▸ **TASK STATEMENT**
An identical transcription of the records is required.

▸ **Data records**
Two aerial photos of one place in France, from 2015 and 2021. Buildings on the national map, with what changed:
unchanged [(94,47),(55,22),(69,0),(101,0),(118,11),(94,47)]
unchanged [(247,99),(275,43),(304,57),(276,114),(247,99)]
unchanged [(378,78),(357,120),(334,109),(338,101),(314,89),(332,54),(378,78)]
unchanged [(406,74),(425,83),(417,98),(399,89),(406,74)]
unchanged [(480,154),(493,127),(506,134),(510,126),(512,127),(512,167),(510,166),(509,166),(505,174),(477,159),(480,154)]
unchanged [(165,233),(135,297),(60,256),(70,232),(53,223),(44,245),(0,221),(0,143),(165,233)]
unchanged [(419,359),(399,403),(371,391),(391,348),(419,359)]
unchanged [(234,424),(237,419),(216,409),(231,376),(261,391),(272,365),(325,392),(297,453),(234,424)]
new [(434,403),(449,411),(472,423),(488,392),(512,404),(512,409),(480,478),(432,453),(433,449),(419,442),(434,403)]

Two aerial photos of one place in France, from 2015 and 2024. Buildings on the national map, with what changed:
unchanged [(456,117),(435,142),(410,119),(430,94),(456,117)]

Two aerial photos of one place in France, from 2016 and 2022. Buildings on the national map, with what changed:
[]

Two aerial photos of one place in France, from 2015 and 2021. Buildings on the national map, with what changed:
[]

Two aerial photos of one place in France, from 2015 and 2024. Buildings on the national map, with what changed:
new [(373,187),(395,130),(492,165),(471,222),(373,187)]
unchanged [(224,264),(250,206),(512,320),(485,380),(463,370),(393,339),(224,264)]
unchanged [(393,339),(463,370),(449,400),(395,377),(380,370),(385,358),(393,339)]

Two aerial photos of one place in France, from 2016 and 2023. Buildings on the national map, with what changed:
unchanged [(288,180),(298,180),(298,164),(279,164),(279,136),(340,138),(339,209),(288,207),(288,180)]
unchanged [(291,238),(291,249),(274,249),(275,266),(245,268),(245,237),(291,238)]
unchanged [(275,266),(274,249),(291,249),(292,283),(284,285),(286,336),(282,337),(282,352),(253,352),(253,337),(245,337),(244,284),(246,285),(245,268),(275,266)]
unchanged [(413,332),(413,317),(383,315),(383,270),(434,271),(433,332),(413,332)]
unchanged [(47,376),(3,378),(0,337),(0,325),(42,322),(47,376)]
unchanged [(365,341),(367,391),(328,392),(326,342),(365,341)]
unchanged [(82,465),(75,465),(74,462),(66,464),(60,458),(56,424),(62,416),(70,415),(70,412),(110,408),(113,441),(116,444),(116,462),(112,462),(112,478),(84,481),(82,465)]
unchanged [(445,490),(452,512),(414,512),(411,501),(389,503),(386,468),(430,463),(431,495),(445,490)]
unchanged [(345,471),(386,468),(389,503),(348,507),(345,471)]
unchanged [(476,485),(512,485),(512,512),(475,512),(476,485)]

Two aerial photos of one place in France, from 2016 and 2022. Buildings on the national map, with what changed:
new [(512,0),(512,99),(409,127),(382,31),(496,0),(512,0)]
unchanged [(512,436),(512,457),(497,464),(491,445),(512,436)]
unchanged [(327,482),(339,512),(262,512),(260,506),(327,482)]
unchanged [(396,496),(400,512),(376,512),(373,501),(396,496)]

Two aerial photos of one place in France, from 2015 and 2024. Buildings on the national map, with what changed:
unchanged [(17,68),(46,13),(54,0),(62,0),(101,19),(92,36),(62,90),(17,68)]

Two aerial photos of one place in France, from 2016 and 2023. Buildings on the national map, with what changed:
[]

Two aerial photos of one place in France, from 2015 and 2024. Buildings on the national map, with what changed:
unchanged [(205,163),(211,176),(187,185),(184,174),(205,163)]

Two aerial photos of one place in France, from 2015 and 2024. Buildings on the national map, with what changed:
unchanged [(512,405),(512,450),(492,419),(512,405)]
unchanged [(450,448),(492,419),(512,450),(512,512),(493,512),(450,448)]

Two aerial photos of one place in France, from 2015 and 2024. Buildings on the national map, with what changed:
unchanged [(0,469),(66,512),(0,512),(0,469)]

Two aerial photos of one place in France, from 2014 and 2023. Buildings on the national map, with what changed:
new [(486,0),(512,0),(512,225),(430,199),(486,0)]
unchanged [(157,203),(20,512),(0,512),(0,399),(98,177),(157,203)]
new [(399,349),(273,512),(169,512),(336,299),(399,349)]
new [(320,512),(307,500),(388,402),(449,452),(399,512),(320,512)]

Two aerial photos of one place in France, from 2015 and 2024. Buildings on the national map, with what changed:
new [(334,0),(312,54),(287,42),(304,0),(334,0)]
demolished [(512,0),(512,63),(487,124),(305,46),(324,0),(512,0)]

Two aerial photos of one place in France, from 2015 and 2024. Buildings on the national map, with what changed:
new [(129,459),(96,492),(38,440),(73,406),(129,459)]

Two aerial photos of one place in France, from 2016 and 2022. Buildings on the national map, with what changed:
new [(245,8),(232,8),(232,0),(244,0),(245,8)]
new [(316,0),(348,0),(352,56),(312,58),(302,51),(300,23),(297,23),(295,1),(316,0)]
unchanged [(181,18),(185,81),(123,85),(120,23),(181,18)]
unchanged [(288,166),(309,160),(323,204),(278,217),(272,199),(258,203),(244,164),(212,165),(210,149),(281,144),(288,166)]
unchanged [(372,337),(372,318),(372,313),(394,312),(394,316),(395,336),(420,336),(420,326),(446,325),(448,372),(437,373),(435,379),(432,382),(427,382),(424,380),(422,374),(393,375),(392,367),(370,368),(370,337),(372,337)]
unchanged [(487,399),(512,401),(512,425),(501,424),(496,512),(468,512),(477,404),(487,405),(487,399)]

▸ **ANSWER SPACE**
Two aerial photos of one place in France, from 2015 and 2021. Buildings on the national map, with what changed:
unchanged [(94,47),(55,22),(69,0),(101,0),(118,11),(94,47)]
unchanged [(247,99),(275,43),(304,57),(276,114),(247,99)]
unchanged [(378,78),(357,120),(334,109),(338,101),(314,89),(332,54),(378,78)]
unchanged [(406,74),(425,83),(417,98),(399,89),(406,74)]
unchanged [(480,154),(493,127),(506,134),(510,126),(512,127),(512,167),(510,166),(509,166),(505,174),(477,159),(480,154)]
unchanged [(165,233),(135,297),(60,256),(70,232),(53,223),(44,245),(0,221),(0,143),(165,233)]
unchanged [(419,359),(399,403),(371,391),(391,348),(419,359)]
unchanged [(234,424),(237,419),(216,409),(231,376),(261,391),(272,365),(325,392),(297,453),(234,424)]
new [(434,403),(449,411),(472,423),(488,392),(512,404),(512,409),(480,478),(432,453),(433,449),(419,442),(434,403)]

Two aerial photos of one place in France, from 2015 and 2024. Buildings on the national map, with what changed:
unchanged [(456,117),(435,142),(410,119),(430,94),(456,117)]

Two aerial photos of one place in France, from 2016 and 2022. Buildings on the national map, with what changed:
[]

Two aerial photos of one place in France, from 2015 and 2021. Buildings on the national map, with what changed:
[]

Two aerial photos of one place in France, from 2015 and 2024. Buildings on the national map, with what changed:
new [(373,187),(395,130),(492,165),(471,222),(373,187)]
unchanged [(224,264),(250,206),(512,320),(485,380),(463,370),(393,339),(224,264)]
unchanged [(393,339),(463,370),(449,400),(395,377),(380,370),(385,358),(393,339)]

Two aerial photos of one place in France, from 2016 and 2023. Buildings on the national map, with what changed:
unchanged [(288,180),(298,180),(298,164),(279,164),(279,136),(340,138),(339,209),(288,207),(288,180)]
unchanged [(291,238),(291,249),(274,249),(275,266),(245,268),(245,237),(291,238)]
unchanged [(275,266),(274,249),(291,249),(292,283),(284,285),(286,336),(282,337),(282,352),(253,352),(253,337),(245,337),(244,284),(246,285),(245,268),(275,266)]
unchanged [(413,332),(413,317),(383,315),(383,270),(434,271),(433,332),(413,332)]
unchanged [(47,376),(3,378),(0,337),(0,325),(42,322),(47,376)]
unchanged [(365,341),(367,391),(328,392),(326,342),(365,341)]
unchanged [(82,465),(75,465),(74,462),(66,464),(60,458),(56,424),(62,416),(70,415),(70,412),(110,408),(113,441),(116,444),(116,462),(112,462),(112,478),(84,481),(82,465)]
unchanged [(445,490),(452,512),(414,512),(411,501),(389,503),(386,468),(430,463),(431,495),(445,490)]
unchanged [(345,471),(386,468),(389,503),(348,507),(345,471)]
unchanged [(476,485),(512,485),(512,512),(475,512),(476,485)]

Two aerial photos of one place in France, from 2016 and 2022. Buildings on the national map, with what changed:
new [(512,0),(512,99),(409,127),(382,31),(496,0),(512,0)]
unchanged [(512,436),(512,457),(497,464),(491,445),(512,436)]
unchanged [(327,482),(339,512),(262,512),(260,506),(327,482)]
unchanged [(396,496),(400,512),(376,512),(373,501),(396,496)]

Two aerial photos of one place in France, from 2015 and 2024. Buildings on the national map, with what changed:
unchanged [(17,68),(46,13),(54,0),(62,0),(101,19),(92,36),(62,90),(17,68)]

Two aerial photos of one place in France, from 2016 and 2023. Buildings on the national map, with what changed:
[]

Two aerial photos of one place in France, from 2015 and 2024. Buildings on the national map, with what changed:
unchanged [(205,163),(211,176),(187,185),(184,174),(205,163)]

Two aerial photos of one place in France, from 2015 and 2024. Buildings on the national map, with what changed:
unchanged [(512,405),(512,450),(492,419),(512,405)]
unchanged [(450,448),(492,419),(512,450),(512,512),(493,512),(450,448)]

Two aerial photos of one place in France, from 2015 and 2024. Buildings on the national map, with what changed:
unchanged [(0,469),(66,512),(0,512),(0,469)]

Two aerial photos of one place in France, from 2014 and 2023. Buildings on the national map, with what changed:
new [(486,0),(512,0),(512,225),(430,199),(486,0)]
unchanged [(157,203),(20,512),(0,512),(0,399),(98,177),(157,203)]
new [(399,349),(273,512),(169,512),(336,299),(399,349)]
new [(320,512),(307,500),(388,402),(449,452),(399,512),(320,512)]

Two aerial photos of one place in France, from 2015 and 2024. Buildings on the national map, with what changed:
new [(334,0),(312,54),(287,42),(304,0),(334,0)]
demolished [(512,0),(512,63),(487,124),(305,46),(324,0),(512,0)]

Two aerial photos of one place in France, from 2015 and 2024. Buildings on the national map, with what changed:
new [(129,459),(96,492),(38,440),(73,406),(129,459)]

Two aerial photos of one place in France, from 2016 and 2022. Buildings on the national map, with what changed:
new [(245,8),(232,8),(232,0),(244,0),(245,8)]
new [(316,0),(348,0),(352,56),(312,58),(302,51),(300,23),(297,23),(295,1),(316,0)]
unchanged [(181,18),(185,81),(123,85),(120,23),(181,18)]
unchanged [(288,166),(309,160),(323,204),(278,217),(272,199),(258,203),(244,164),(212,165),(210,149),(281,144),(288,166)]
unchanged [(372,337),(372,318),(372,313),(394,312),(394,316),(395,336),(420,336),(420,326),(446,325),(448,372),(437,373),(435,379),(432,382),(427,382),(424,380),(422,374),(393,375),(392,367),(370,368),(370,337),(372,337)]
unchanged [(487,399),(512,401),(512,425),(501,424),(496,512),(468,512),(477,404),(487,405),(487,399)]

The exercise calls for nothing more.